Masking with a very large negative number pre-softmax effectively makes self-attention causal

Code example

In [16]:
W_q, W_k, W_v = nn.Linear(4, 4), nn.Linear(4, 4), nn.Linear(4, 4)
Q, K, V = W_q(x_embed), W_k(x_embed), W_v(x_embed)
A = Q @ K.transpose(2,1)
print(A)

tensor([[[ 0.57,  0.57,  0.84,  0.84,  0.57,  0.57],
         [ 0.21,  0.38,  0.24,  0.24,  0.38,  0.38],
         [ 0.37,  0.11, -0.07, -0.07,  0.11,  0.11],
         [ 0.37,  0.11, -0.07, -0.07,  0.11,  0.11],
         [ 0.21,  0.38,  0.24,  0.24,  0.38,  0.38],
         [ 0.21,  0.38,  0.24,  0.24,  0.38,  0.38]]],
       grad_fn=<UnsafeViewBackward0>)


In [17]:
mask = torch.ones_like(A).triu(diagonal = 1)
print(mask)

tensor([[[0., 1., 1., 1., 1., 1.],
         [0., 0., 1., 1., 1., 1.],
         [0., 0., 0., 1., 1., 1.],
         [0., 0., 0., 0., 1., 1.],
         [0., 0., 0., 0., 0., 1.],
         [0., 0., 0., 0., 0., 0.]]])


In [18]:
A.masked_fill(mask.bool(), float("-inf"))

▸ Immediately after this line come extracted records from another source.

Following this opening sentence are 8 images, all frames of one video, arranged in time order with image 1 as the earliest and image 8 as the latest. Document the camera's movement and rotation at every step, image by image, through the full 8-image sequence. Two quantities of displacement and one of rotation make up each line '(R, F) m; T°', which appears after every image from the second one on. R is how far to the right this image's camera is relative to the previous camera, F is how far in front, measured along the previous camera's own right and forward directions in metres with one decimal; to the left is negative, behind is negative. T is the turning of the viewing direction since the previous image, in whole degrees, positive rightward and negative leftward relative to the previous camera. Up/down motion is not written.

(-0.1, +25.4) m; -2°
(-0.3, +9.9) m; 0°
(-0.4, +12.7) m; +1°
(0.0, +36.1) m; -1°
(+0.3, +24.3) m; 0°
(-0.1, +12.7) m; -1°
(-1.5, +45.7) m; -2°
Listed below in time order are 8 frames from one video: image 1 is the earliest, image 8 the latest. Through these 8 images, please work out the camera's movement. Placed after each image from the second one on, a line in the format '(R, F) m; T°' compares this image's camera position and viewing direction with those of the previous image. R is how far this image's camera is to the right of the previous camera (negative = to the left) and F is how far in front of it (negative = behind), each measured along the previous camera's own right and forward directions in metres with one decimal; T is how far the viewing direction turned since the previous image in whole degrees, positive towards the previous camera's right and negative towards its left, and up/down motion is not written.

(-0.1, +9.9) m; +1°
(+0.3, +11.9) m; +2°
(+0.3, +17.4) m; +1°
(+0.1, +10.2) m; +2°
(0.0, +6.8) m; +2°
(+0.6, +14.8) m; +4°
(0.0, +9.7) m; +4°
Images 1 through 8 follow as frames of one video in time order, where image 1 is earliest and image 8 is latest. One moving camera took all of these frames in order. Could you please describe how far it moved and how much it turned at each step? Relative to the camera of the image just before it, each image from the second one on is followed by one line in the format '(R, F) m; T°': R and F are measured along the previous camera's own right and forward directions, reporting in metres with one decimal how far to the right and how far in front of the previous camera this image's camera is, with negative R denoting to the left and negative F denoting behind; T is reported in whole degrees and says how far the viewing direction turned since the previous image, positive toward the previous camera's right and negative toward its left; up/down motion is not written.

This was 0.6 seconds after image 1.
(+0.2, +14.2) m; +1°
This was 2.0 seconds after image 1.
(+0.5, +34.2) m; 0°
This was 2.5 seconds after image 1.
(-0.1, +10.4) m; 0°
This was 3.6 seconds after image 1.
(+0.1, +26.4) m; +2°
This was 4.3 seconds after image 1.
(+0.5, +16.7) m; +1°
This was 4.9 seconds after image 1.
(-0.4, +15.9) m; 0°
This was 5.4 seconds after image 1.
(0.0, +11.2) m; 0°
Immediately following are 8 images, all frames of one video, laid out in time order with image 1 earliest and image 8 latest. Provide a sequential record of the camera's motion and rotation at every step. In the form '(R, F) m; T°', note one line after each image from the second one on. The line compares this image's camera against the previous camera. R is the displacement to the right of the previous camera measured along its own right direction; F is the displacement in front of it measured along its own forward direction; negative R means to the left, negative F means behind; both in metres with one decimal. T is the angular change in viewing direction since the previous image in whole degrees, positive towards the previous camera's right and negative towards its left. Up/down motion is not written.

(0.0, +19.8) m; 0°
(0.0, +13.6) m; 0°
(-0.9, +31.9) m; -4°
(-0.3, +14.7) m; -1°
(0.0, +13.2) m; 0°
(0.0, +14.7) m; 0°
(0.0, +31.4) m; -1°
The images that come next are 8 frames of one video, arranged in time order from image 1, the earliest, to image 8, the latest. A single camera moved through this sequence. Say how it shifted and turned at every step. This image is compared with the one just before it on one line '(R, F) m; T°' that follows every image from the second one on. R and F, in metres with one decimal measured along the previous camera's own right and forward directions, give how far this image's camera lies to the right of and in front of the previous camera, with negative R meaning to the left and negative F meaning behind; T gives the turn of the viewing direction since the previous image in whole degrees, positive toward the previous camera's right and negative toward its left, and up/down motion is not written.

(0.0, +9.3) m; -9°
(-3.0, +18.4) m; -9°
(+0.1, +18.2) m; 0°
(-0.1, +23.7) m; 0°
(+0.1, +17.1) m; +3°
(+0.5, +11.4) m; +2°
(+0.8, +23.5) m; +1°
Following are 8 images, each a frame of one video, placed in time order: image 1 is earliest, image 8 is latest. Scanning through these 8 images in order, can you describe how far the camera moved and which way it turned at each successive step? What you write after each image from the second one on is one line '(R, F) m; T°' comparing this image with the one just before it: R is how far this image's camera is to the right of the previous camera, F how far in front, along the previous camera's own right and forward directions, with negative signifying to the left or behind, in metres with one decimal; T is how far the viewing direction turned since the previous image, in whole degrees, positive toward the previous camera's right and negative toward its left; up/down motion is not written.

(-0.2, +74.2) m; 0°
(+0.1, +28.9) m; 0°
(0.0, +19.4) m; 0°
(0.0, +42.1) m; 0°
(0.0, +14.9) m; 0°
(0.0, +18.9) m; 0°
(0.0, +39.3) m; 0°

tensor([[[ 0.57,  -inf,  -inf,  -inf,  -inf,  -inf],
         [ 0.21,  0.38,  -inf,  -inf,  -inf,  -inf],
         [ 0.37,  0.11, -0.07,  -inf,  -inf,  -inf],
         [ 0.37,  0.11, -0.07, -0.07,  -inf,  -inf],
         [ 0.21,  0.38,  0.24,  0.24,  0.38,  -inf],
         [ 0.21,  0.38,  0.24,  0.24,  0.38,  0.38]]],
       grad_fn=<MaskedFillBackward0>)

In [19]:
A_masked = A.masked_fill(mask.bool(), float("-inf"))
F.softmax(A_masked, dim = -1)

tensor([[[1.00, 0.00, 0.00, 0.00, 0.00, 0.00],
         [0.46, 0.54, 0.00, 0.00, 0.00, 0.00],
         [0.42, 0.32, 0.27, 0.00, 0.00, 0.00],
         [0.33, 0.25, 0.21, 0.21, 0.00, 0.00],
         [0.19, 0.22, 0.19, 0.19, 0.22, 0.00],
         [0.15, 0.18, 0.16, 0.16, 0.18, 0.18]]], grad_fn=<SoftmaxBackward0>)

### Sparse attention (masks)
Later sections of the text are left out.